Wind turbine Wind turbine Photo: © James Russell, Creative Commons License

Yorkshire and the Humber has had more than its fair share of wind turbines and there are still more in the pipeline.

While CPRE supports renewable energy, the proliferation of wind turbines across the region has dramatically increased and many CPRE members are calling for a major re-think by the government on this particular form of renewable energy, with its huge impact on the visual landscape.

The large subsidies that wind power receives have led more people to question the economic viability of many of these schemes and CPRE has revised its policy and approach to this particular form of renewable energy which is affecting our landscape.

We are asking that the Government should recognise the ‘cumulative impact’ of wind turbines. Current government policy confusion encourages wind developers to make applications almost regardless of landscape impact or the suitability of the site.

Councils and local groups are overwhelmed by the number of applications, and developers often seem to be taking a scattergun approach hoping to find a weak local authority or a planning inspector who will give greater weight to ‘national targets’ than to local concerns.

Worryingly, the Growth and Infrastructure Act removes planning powers from local authorities that lose too many planning appeals. Given the unpredictable nature of planning inspectors’ decisions, they will have an added incentive to nod through applications even if they think they are inappropriate.
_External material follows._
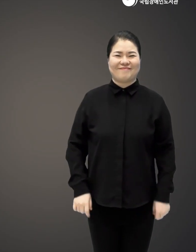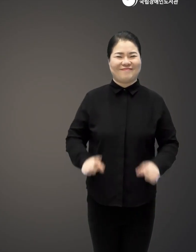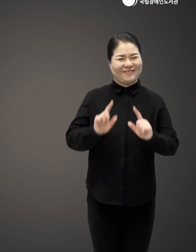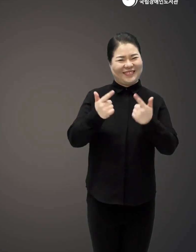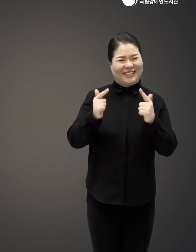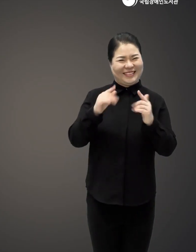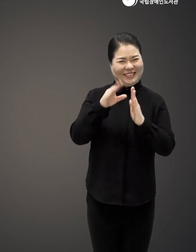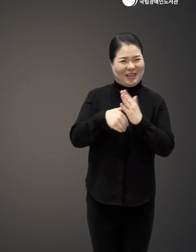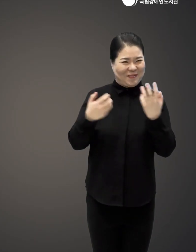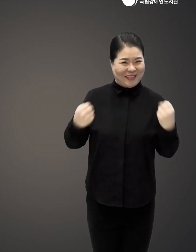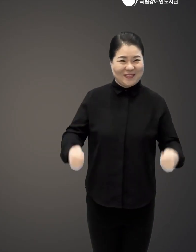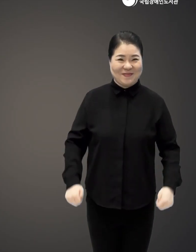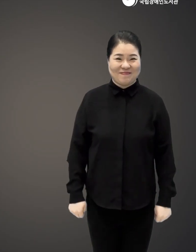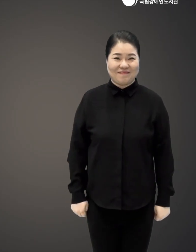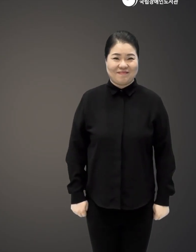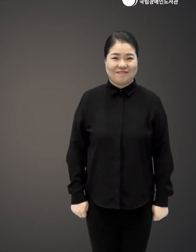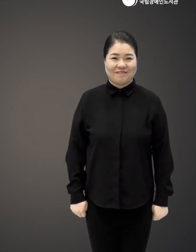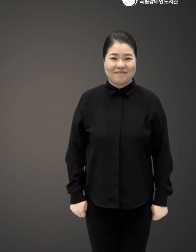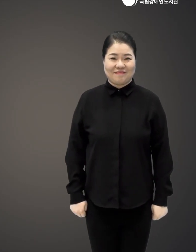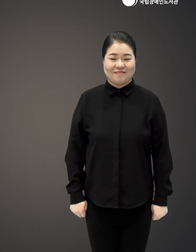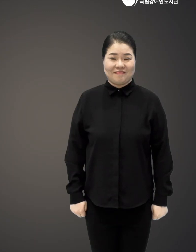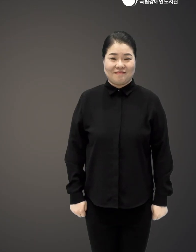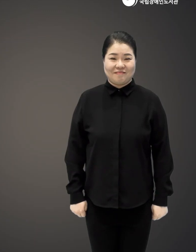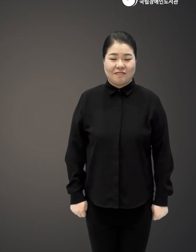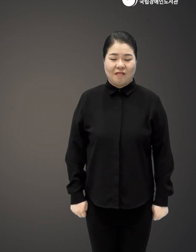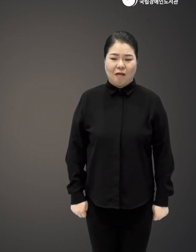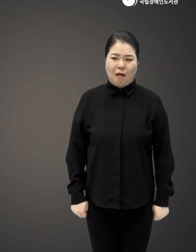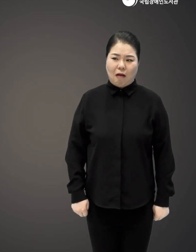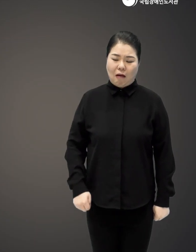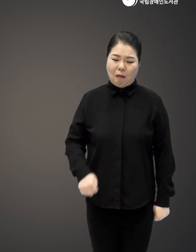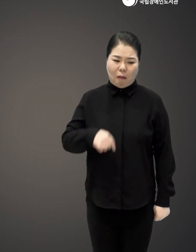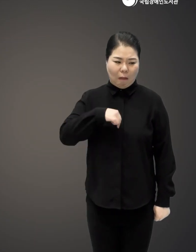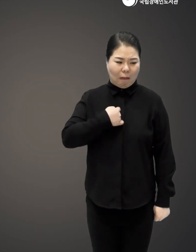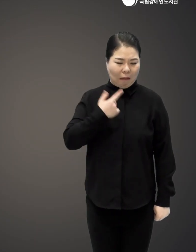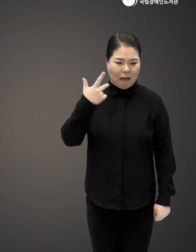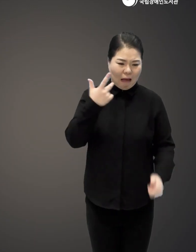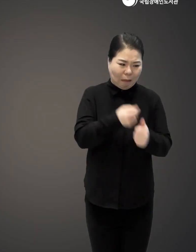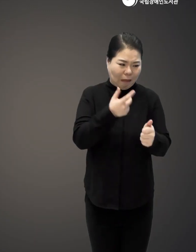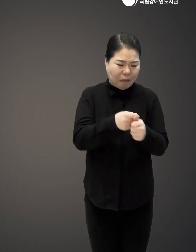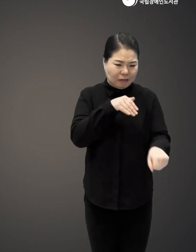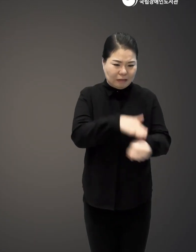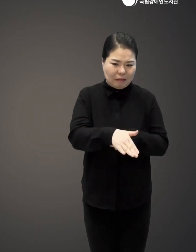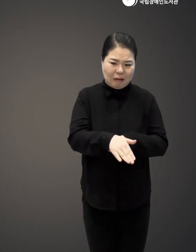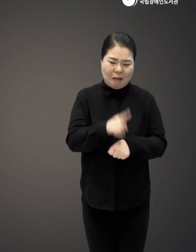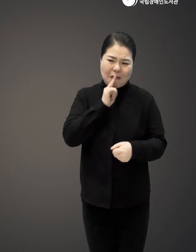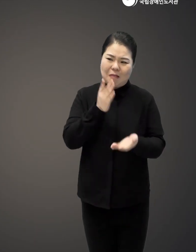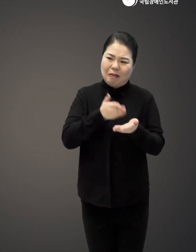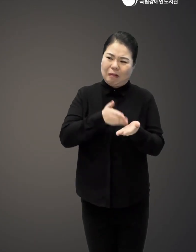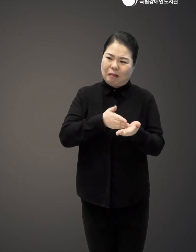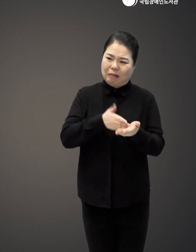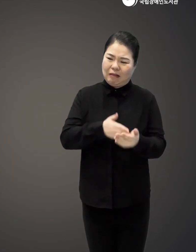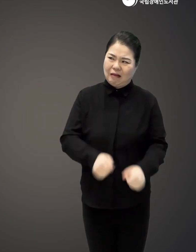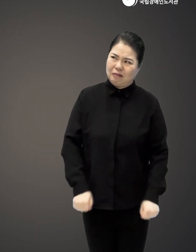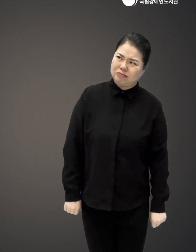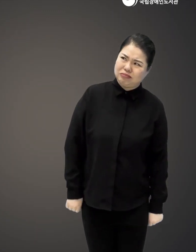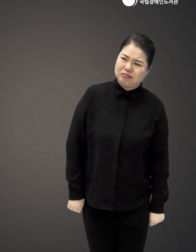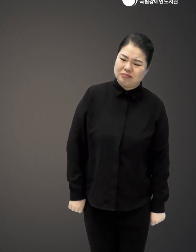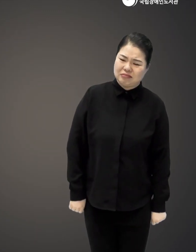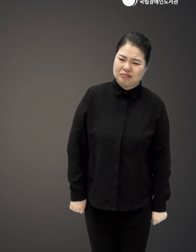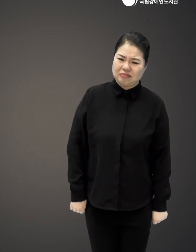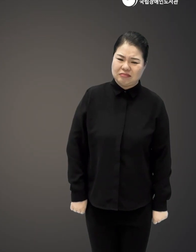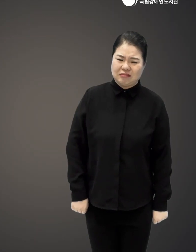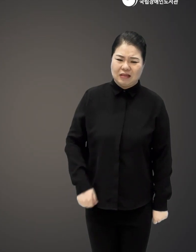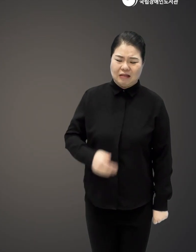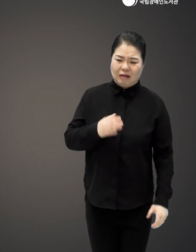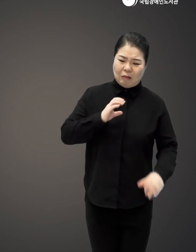그렇지 않을 때가 많아요 상대방이 너무 일방적이야 진짜 자기 말밖에 안 해 라고 하면서 말 그대로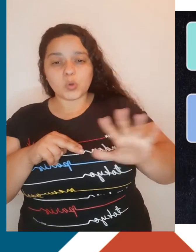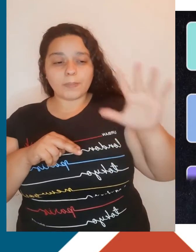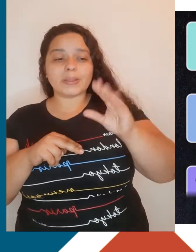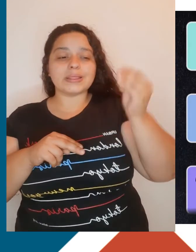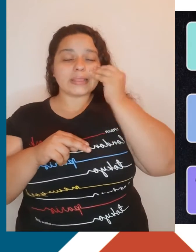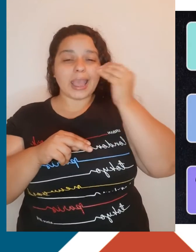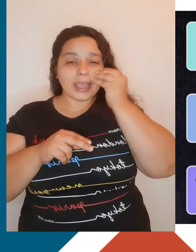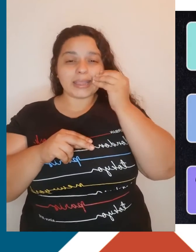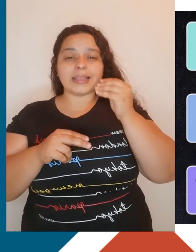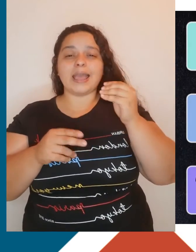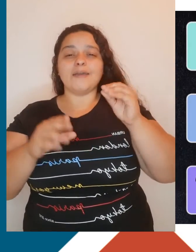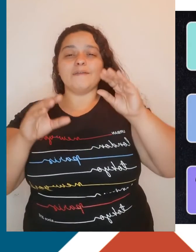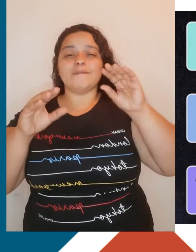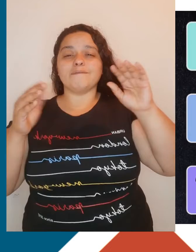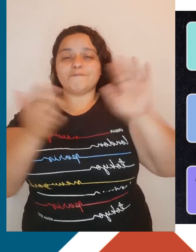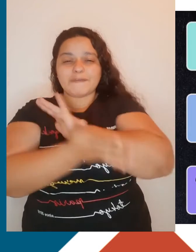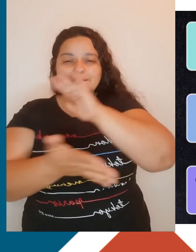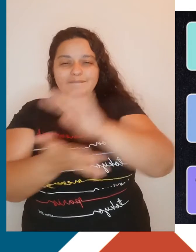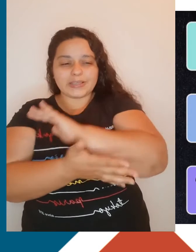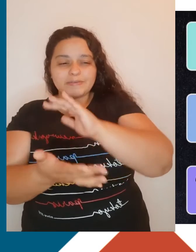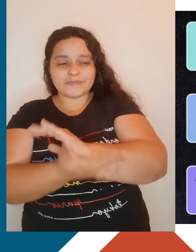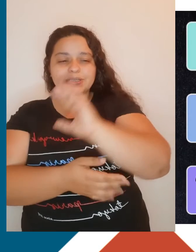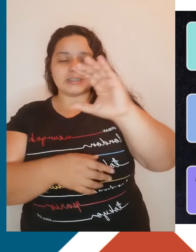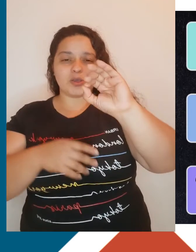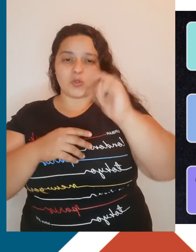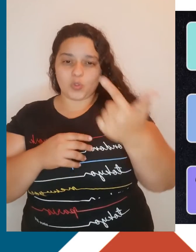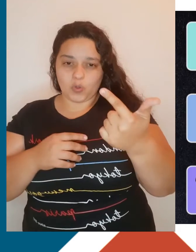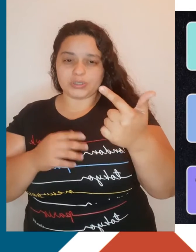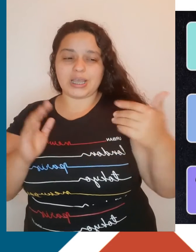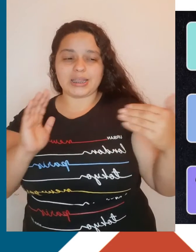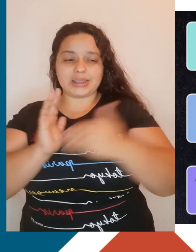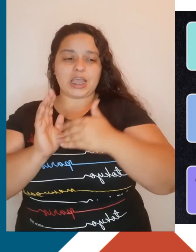geração de CO2, um produto da queima de carvão, até o ano de 2050.

What we like to see as a matter of some urgency is for the government to:

  • provide more clarity about the total number of onshore wind turbines it expects to see built and where these might be located;
  • develop a strategic plan-led approach which recognises landscape capacity, including cumulative impacts of onshore wind turbines;
  • ensure local planning authorities seek to protect landscape character through their local plans and in planning decisions;
  • instruct the Planning Inspectorate to give significant weight when making decisions on development proposals to any local plans which have attempted to identify appropriate and inappropriate areas for onshore wind development; and
  • require the onshore wind industry to take legal and financial responsibility for decommissioning onshore wind turbines and restoring the landscape once they stop working or when they reach the end of their useful life.